Advantages Over Former Implementation

1. Flexibility

  • Before: Fixed search parameters in hardcoded URL
  • After: Configurable search criteria via parameters OR custom URLs

2. Maintainability

  • Before: URL changes require code modification
  • After: URL structure centralized in builder class with dynamic discovery

3. Usability

  • Before: Developers need to understand complex URL structure
  • After: Simple method calls and CLI arguments

4. Reusability

  • Before: Single-purpose script
  • After: Reusable components for different use cases

5. Documentation

  • Before: Search parameters hidden in URL
  • After: Clear parameter documentation and examples

6. Resilience to Changes

  • Before: Hardcoded court IDs break when website changes
  • After: Automatic discovery adapts to dynamic court ID schemes

7. Multiple Fallback Options

  • Before: Script fails completely if URL structure changes
  • After: Automatic discovery → manual discovery → custom URL bypass

Integration with Existing Code

The new extractor coexists with the current implementation: - Uses the same ParserAppealsAL class - Produces the same JSON/CSV output format - Follows the same error handling patterns

Future Enhancements

Advanced Features

  • Save/load search configurations
  • Scheduled extractions
  • Differential updates (only new cases)
  • Export to additional formats (Excel, XML)

Performance Improvements

  • Parallel page processing
  • Caching of search results
  • Resume interrupted extractions

Code Structure

configurable_court_extractor.py
├── CourtSearchBuilder class
│   ├── Parameter management methods
│   ├── URL building methods
│   └── Validation methods
├── extract_court_cases_with_params() function
│   ├── Search execution logic
│   ├── Progress reporting
│   └── Output generation
└── main() function
    ├── CLI argument parsing
    ├── Parameter validation
    └── Function orchestration

Why This Design is Better

  1. Single Responsibility: Each class/function has one clear purpose
  2. Open/Closed Principle: Easy to extend without modifying existing code
  3. DRY (Don't Repeat Yourself): URL logic is centralized
  4. User-Centered: Designed around user needs, not technical constraints
  5. Testable: Components can be unit tested independently
  6. Documented: Self-documenting code with clear method names

This design transforms a rigid, single-purpose script into a flexible, user-friendly tool that can adapt to various research needs while maintaining the reliability and performance of the original implementation.

Implementation Reference

Note: The complete implementation code has been moved to the reference documentation for better organization. Please refer to the Configurable Court Extractor Reference for the full source code, API documentation, and detailed implementation examples.

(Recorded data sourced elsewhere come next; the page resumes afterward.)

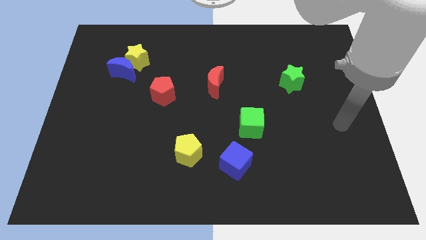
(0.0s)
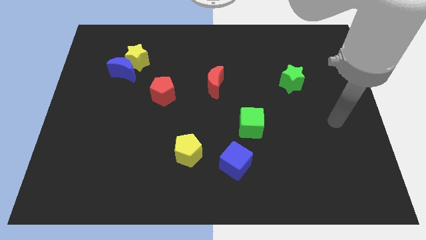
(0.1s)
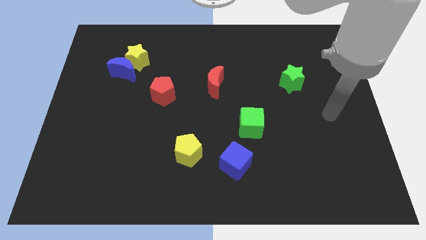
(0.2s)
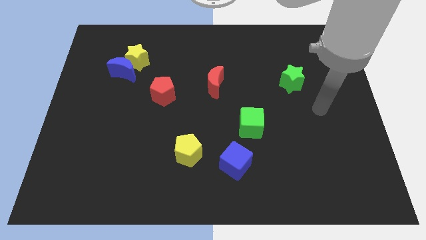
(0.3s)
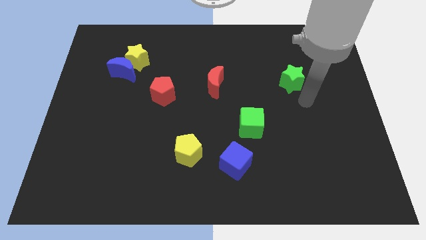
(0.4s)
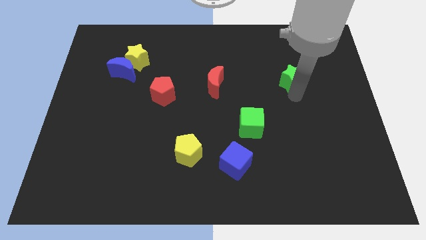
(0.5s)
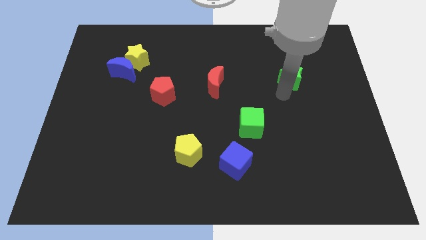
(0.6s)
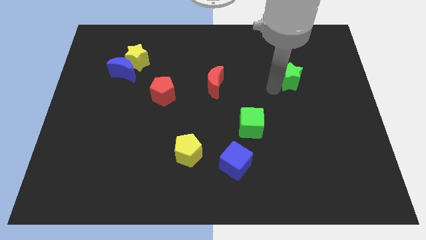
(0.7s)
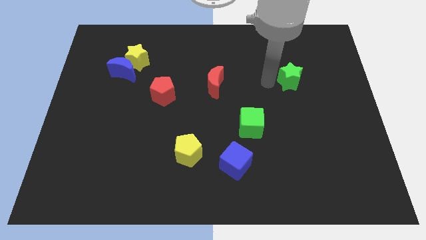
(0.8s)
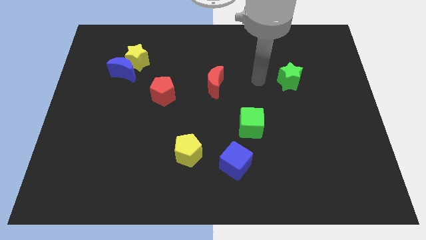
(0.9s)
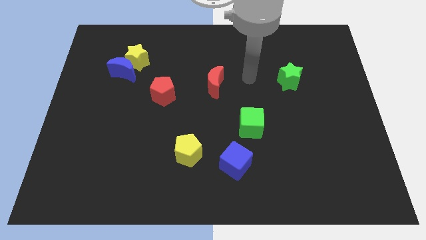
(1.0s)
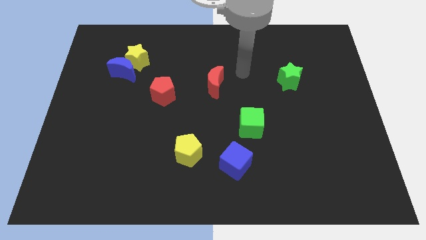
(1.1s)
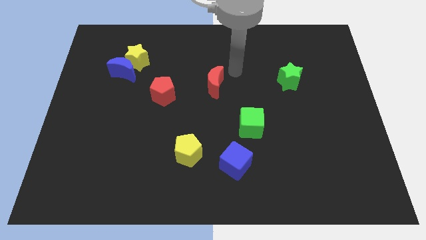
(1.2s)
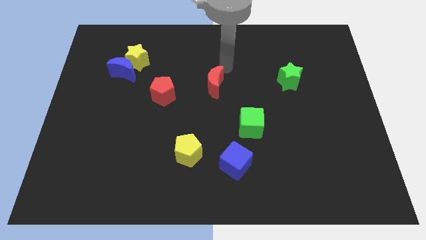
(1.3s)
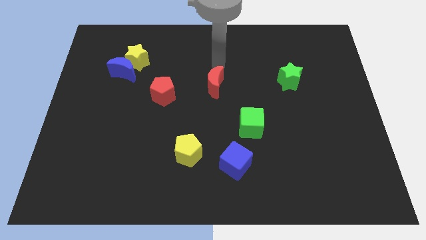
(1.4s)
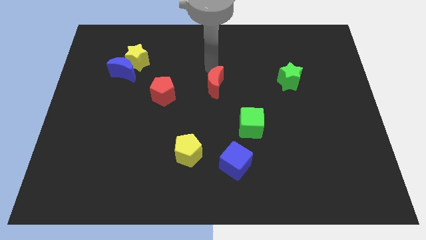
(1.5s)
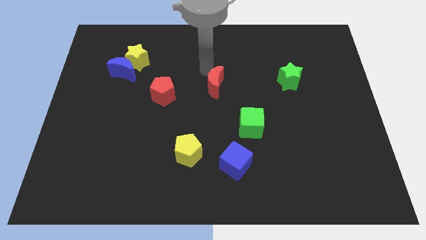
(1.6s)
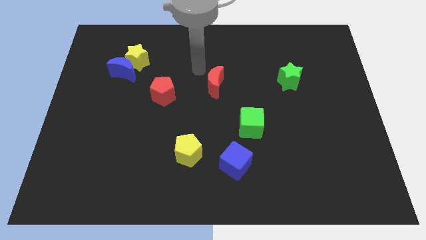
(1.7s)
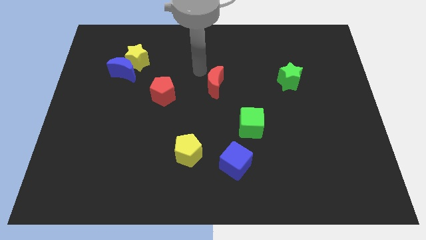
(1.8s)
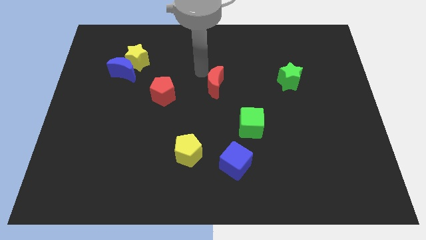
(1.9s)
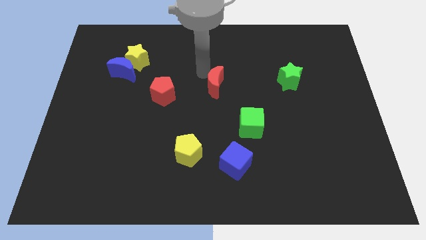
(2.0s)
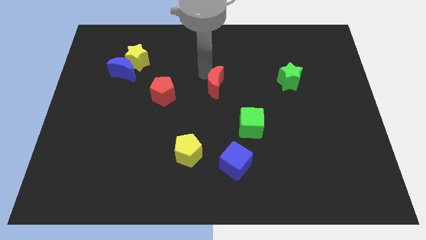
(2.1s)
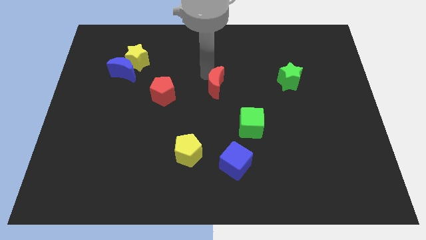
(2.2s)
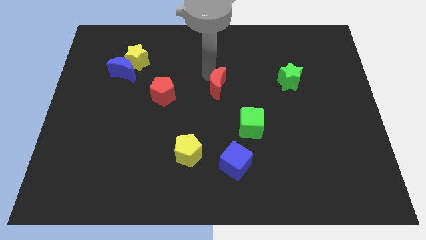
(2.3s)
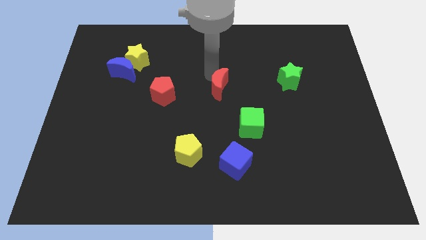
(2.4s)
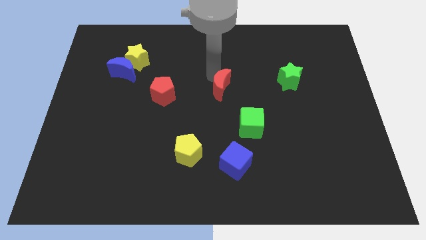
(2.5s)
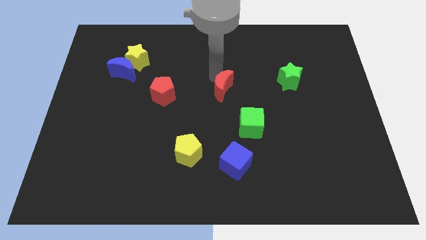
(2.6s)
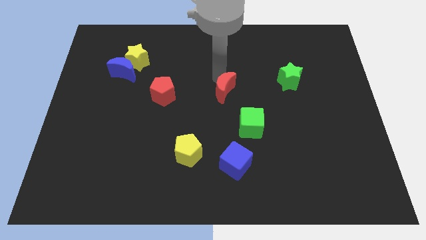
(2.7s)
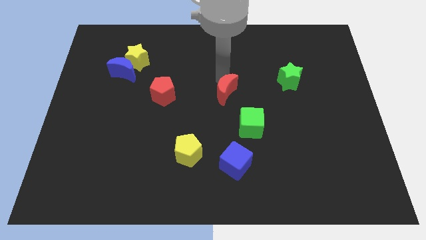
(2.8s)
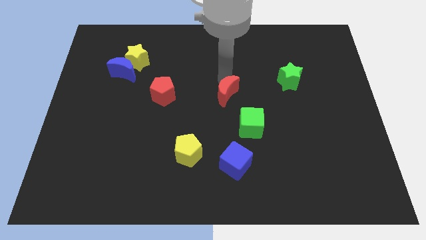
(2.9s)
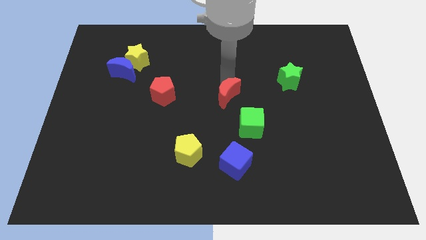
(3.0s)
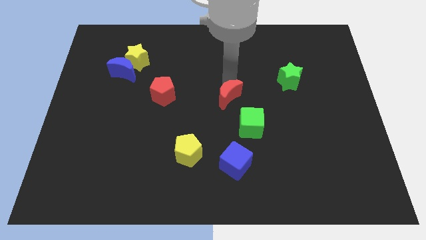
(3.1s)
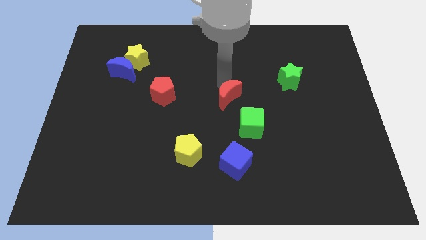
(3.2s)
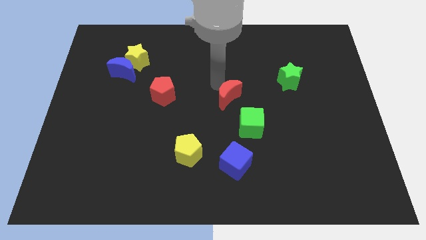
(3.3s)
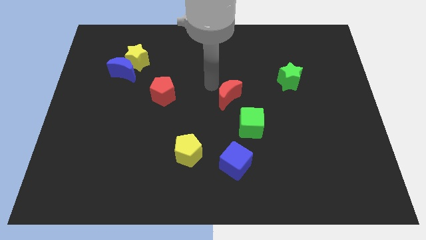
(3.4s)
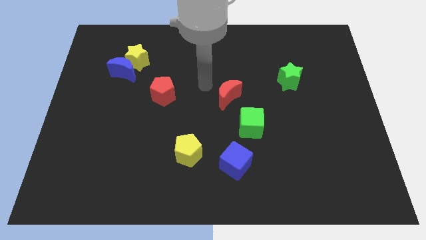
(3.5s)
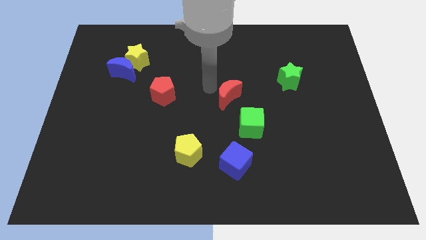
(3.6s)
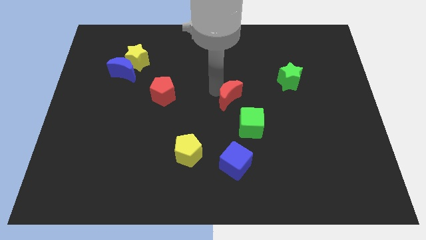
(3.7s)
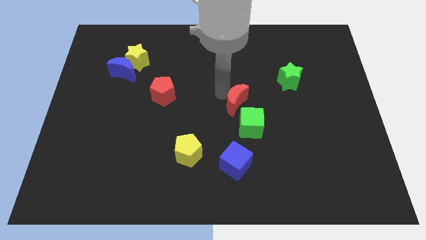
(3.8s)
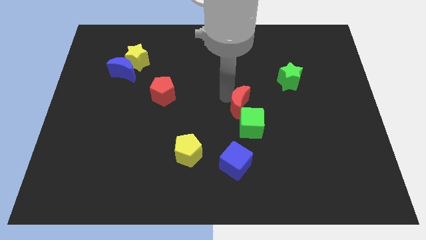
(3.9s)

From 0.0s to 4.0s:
put the red moon to the top of the blue cube

Key Design Decisions Explained

  1. Builder Pattern: Separates URL construction complexity from business logic
  2. Dual-Mode Operation: Supports both parameter-based search and pre-built URL input
  3. Parameter Validation: Ensures required combinations are provided (custom dates)
  4. Progressive Enhancement: Starts with defaults, allows selective customization
  5. Error Recovery: Graceful handling when page counts can't be determined
  6. Output Consistency: Maintains same format as original extractor
  7. User Feedback: Real-time progress and parameter confirmation
  8. URL Flexibility: Custom URLs override all search parameters for maximum flexibility

Summary

This design transforms a rigid, single-purpose script into a flexible, user-friendly tool that can adapt to various research needs while maintaining the reliability and performance of the original implementation. The modular architecture ensures that each component has a single responsibility, making the system easy to extend, test, and maintain.